I understand the svc is updating ep based on the API server’s events to scale pods up and down.. but what happens when a pod fails, does svc notice based on not being able to talk to the pod? And then it would update the ep (scratch out the pod?) also, some events would be thrown etc.. Who is responsible to respawn a failing pod?
First up, I’d say that the EP object updates itself based on watching the API (rather than the SVC updating the EP). All comms and events etc. go via the API server.
Re noticing a failed Pod… Without looking at the code, I’d say this. Obviously there are different circumstances. However, usually the kubelet of the node running the Pod will notice it has failed and inform the API server (it might perform a retry of its own first – I honestly can’t remember off the top of my head). It is then the API server’s resposibility to find it a new home. The EP object will be watching the API server, and will notice and update itself accordingly. The SVC object will obviously leverage the updated EP object as normal.
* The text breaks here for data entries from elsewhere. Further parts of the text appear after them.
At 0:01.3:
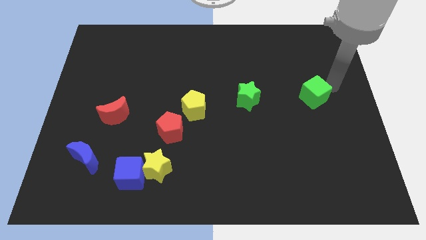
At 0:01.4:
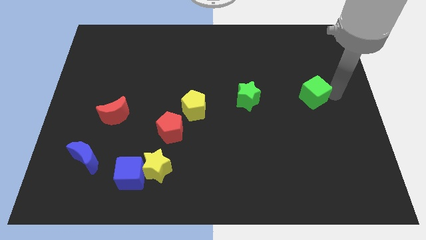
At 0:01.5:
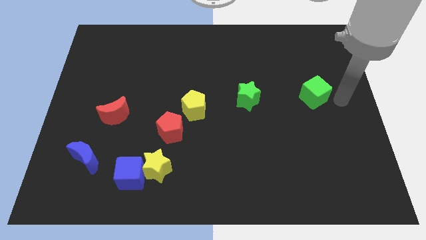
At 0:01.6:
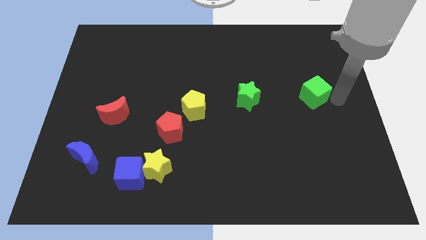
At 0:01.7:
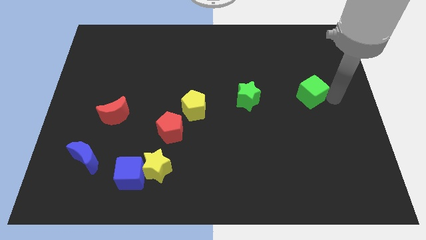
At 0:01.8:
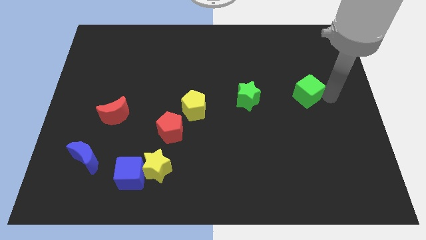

There is a Master tunable terminated-pod-gc-threshold that plays part in this along with the other abstracts e.g. deployments, replica set, and scheduler. so if the pod is part of ReplicationController, ReplicaSet, or Deployment, then its restart policy is to restart always. unlike if it was a job where its restart policy would be never. so if a pod dies the responsible controller will notice and restart a new one, if a node fails the same case applies. all of these happens via the API server coordination with other controllers and scheduler.